Buna rağmen BTSO Başkanı İbrahim Burkay, sık sık yeni sanayi bölgeleri oluşturma konusundaki gayreti ile gündeme geliyor. Örneğin; Bursa’mızın bir ilçesinin belediye başkanı, ilçesindeki tarım alanları sanayi bölgesine dönüştürülmesin diye verdiği uğraşta BTSO Başkanı Burkay ile karşı karşıya kaldı. BTSO Başkanı’nın başını çektiği bir lobi yüzünden partisi tarafından yeniden aday gösterilmedi.
Kestel’a bağlı Soğuksu bölgesi, lojistik konumu nedeni ile seçilip sanayi bölgesi yapılması için canhıraş bir çaba harcanıyor, belli çevreler tarafından.
Kendini bu kentin sahibi sanan sermaye grupları kısa günün rantı peşinde.
Oysa yeni “İleri Teknolojileştirmek” bahsinin Bursa için karşılığı daha fazla çevre kirliliği, yok edilen tarım alanları, Euro Bölgesi sıralamasına göre en düşük asgari ücretle çalışan göç nüfusunun artışı demek.
Tüm aleyhteki koşullara rağmen hali hazırda, gıda tarım hayvancılık sektör üyeleri yüzde 9.47 ile BTSO’nun 4. büyük üye grubu.

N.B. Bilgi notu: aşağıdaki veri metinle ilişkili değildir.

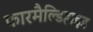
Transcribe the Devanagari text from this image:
फारमैल्डिहाइड
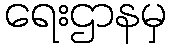
ရေးဌာနမှ

Bursa, gerek iklim özellikleri gerekse lojistik avantajları yüzünden tarım alanında çok önemli artı değer üretebilecek bir konumda. İleri teknoloji kisvesi altında arazi rantı üretmekten vazgeçip tarımda ileri teknolojiye geçmeyi hedeflemeli.
Tekstilde fason imalatçılığının tatlı kârları için yıllarca marka ve Ar-Ge yatırımı yapmadan çalışmanın acı faturası bugünlerde ortaya çıktı.
Her şey tersine dönmüş durumda Bursa için.
Hatta Türkiye büyüdükçe büyüyen Bursa vizyonunu bile “Bursa büyürse Türkiye büyür” şartına çevirdiler.
Gelgelelim bu büyüme Bursa’nın hayrına değil maalesef.
Üstelik büyümekten anladıkları sadece sanayi bölgelerini büyütmek.